Segundo a ortopedista pediátrica do Einstein Goiânia, Renata Alvarenga Nunes, existem diferentes motivos para esse comportamento. “Se for postural, durante o repouso a criança consegue apoiar todo o pé no chão. Se for encurtamento do tendão, durante o descanso, ela não consegue apoiar o pé no chão. Se for doença neuromuscular, isso pode ser variável”, explica a médica. Entre os sintomas associados, podem surgir calosidades na parte da frente do pé, dores ao pisar e afilamento do calcanhar.

A especialista destaca que atenção imediata é necessária em situações específicas. A impossibilidade de marcha correta ou incapacidade de apoiar os pés no chão já são preocupantes e necessitam de tratamento. “Alterações persistentes no mecanismo da marcha sobrecarregam articulações, podendo provocar dores crônicas, deformidades ósseas e até incapacidade de andar”, pontua a ortopedista.
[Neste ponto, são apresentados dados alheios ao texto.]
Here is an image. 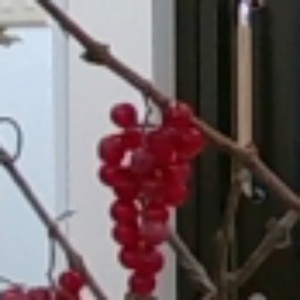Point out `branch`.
Masks as SVG:
<instances>
[{"mask_svg":"<svg viewBox=\"0 0 300 300\" xmlns=\"http://www.w3.org/2000/svg\"><path fill=\"white\" fill-rule=\"evenodd\" d=\"M0 166L10 176V179L15 184L21 196L27 204L32 208L33 212L38 216L43 223L48 235L58 244L65 252L66 260L72 271L79 274L83 284L96 300H111L100 288L96 285L84 262V257L77 252L71 243L65 238L64 234L59 230L55 220L50 215L49 211L44 207L43 203L38 199L32 191L29 184L21 174L20 170L14 165V161L10 158L7 151L0 145Z\"/></svg>","mask_w":300,"mask_h":300,"instance_id":"3","label":"branch"},{"mask_svg":"<svg viewBox=\"0 0 300 300\" xmlns=\"http://www.w3.org/2000/svg\"><path fill=\"white\" fill-rule=\"evenodd\" d=\"M36 2L57 22L58 25L72 34L81 44L84 52L81 58L94 65H106L109 69L126 79L136 89L144 92L160 110L164 111L172 101L158 88L133 73L125 64L109 53L107 45H101L86 33L75 21L67 16L52 0H36Z\"/></svg>","mask_w":300,"mask_h":300,"instance_id":"2","label":"branch"},{"mask_svg":"<svg viewBox=\"0 0 300 300\" xmlns=\"http://www.w3.org/2000/svg\"><path fill=\"white\" fill-rule=\"evenodd\" d=\"M195 122L203 126L205 137L212 144L251 166L290 206L286 214L265 235L253 254L235 271L227 273L216 285L210 279L194 250L170 229V234L164 241H167L179 253L188 266L200 289L205 293L203 300H222L235 286L244 284L247 277L263 264L267 256L275 250L288 231L297 223L300 218V196L265 164L255 145L234 141L198 117Z\"/></svg>","mask_w":300,"mask_h":300,"instance_id":"1","label":"branch"}]
</instances>
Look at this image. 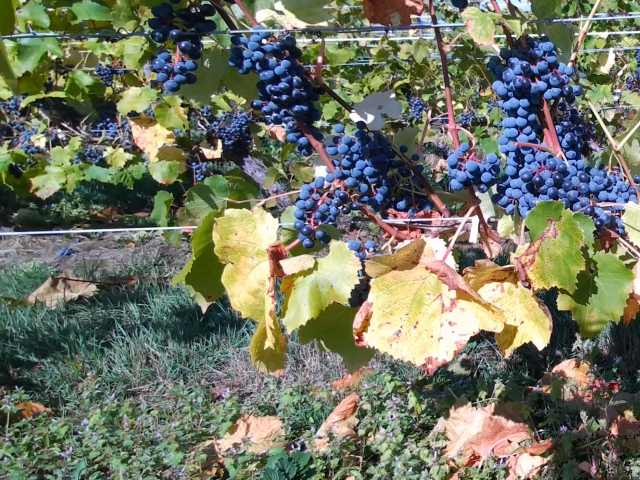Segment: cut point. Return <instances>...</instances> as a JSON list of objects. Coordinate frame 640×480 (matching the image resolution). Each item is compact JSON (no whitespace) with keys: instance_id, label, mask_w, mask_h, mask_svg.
<instances>
[{"instance_id":"obj_1","label":"cut point","mask_w":640,"mask_h":480,"mask_svg":"<svg viewBox=\"0 0 640 480\" xmlns=\"http://www.w3.org/2000/svg\"><path fill=\"white\" fill-rule=\"evenodd\" d=\"M612 156H613V157H614V159L617 161V163H618V165H619V168H620V170H621V173H624V168H623V166H622V164H621L620 160L615 156V154H614V151H613V150H611V152H610V154H609V161H608V165H607V166L609 167V169H610V167H611V163H612Z\"/></svg>"},{"instance_id":"obj_2","label":"cut point","mask_w":640,"mask_h":480,"mask_svg":"<svg viewBox=\"0 0 640 480\" xmlns=\"http://www.w3.org/2000/svg\"><path fill=\"white\" fill-rule=\"evenodd\" d=\"M394 241V238L391 237L388 241H386L382 247L381 250H385L386 246H388V251H391V247H392V242Z\"/></svg>"},{"instance_id":"obj_3","label":"cut point","mask_w":640,"mask_h":480,"mask_svg":"<svg viewBox=\"0 0 640 480\" xmlns=\"http://www.w3.org/2000/svg\"><path fill=\"white\" fill-rule=\"evenodd\" d=\"M459 130L462 131L463 133L467 134L471 138L472 141H475V137L470 131L466 130L465 128H463L461 126H459Z\"/></svg>"}]
</instances>
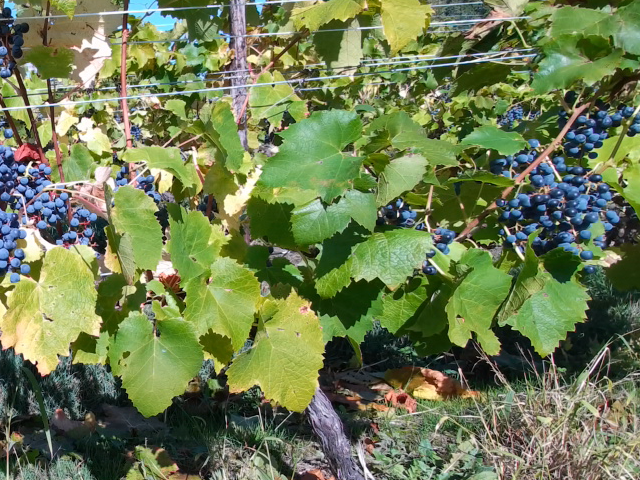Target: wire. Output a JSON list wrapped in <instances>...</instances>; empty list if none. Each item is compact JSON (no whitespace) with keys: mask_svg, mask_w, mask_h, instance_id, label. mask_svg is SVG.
<instances>
[{"mask_svg":"<svg viewBox=\"0 0 640 480\" xmlns=\"http://www.w3.org/2000/svg\"><path fill=\"white\" fill-rule=\"evenodd\" d=\"M300 0H279V1H242L233 2L226 5H187V6H164V7H152L142 9H111V10H99L93 12H79L75 13V18L81 17H95L102 15H114V14H144L154 12H167V11H189V10H228L236 7L244 6H281L285 4H297Z\"/></svg>","mask_w":640,"mask_h":480,"instance_id":"2","label":"wire"},{"mask_svg":"<svg viewBox=\"0 0 640 480\" xmlns=\"http://www.w3.org/2000/svg\"><path fill=\"white\" fill-rule=\"evenodd\" d=\"M538 53H526V54H517V55H504L500 57H495L492 59H474V60H457V61H447V62H435L428 63L423 65L411 66V67H402V68H393V69H374L365 72H356V73H343V74H334V75H313V76H299L295 78H286L281 80H270L265 82H259L254 84L247 85H235V86H213L206 88H195V89H181L174 90L168 92H148V93H139L135 95H120L115 97H100L97 99H79V100H68V101H57L48 104H37V105H23V106H7L1 107L0 113L9 112V111H25V110H40V109H50L54 107L60 106H70V105H82V104H99L102 102H117L122 100H138L141 98H151V97H170L176 95H184V94H197V93H208V92H216V91H237V90H249V89H257L261 87L267 86H275V85H283L288 83H297L301 81H315V80H336V79H345V78H358V77H368L376 74H395V73H411L413 71L425 70L430 68L437 67H450V66H459V65H476V64H494L497 62L507 61V60H519V59H529V58H538Z\"/></svg>","mask_w":640,"mask_h":480,"instance_id":"1","label":"wire"},{"mask_svg":"<svg viewBox=\"0 0 640 480\" xmlns=\"http://www.w3.org/2000/svg\"><path fill=\"white\" fill-rule=\"evenodd\" d=\"M68 17H69L68 13H63L58 15L10 16V17H0V22L60 20Z\"/></svg>","mask_w":640,"mask_h":480,"instance_id":"3","label":"wire"}]
</instances>

O tratamento depende da causa identificada, que pode ser desde fisioterapia, uso de órteses corretivas, gessos seriados, e cirurgia. Além disso, é individual e multidisciplinar, podendo incluir ortopedista pediatra, fisioterapeuta, terapeuta ocupacional, pediatra ou neuropediatra. De acordo com Renata, avaliações constantes e manter hábitos saudáveis também contribuem para a evolução positiva da marcha. “Fazer atividade física ajuda a ter um andar correto, com bom alongamento dos tendões”, orienta a especialista.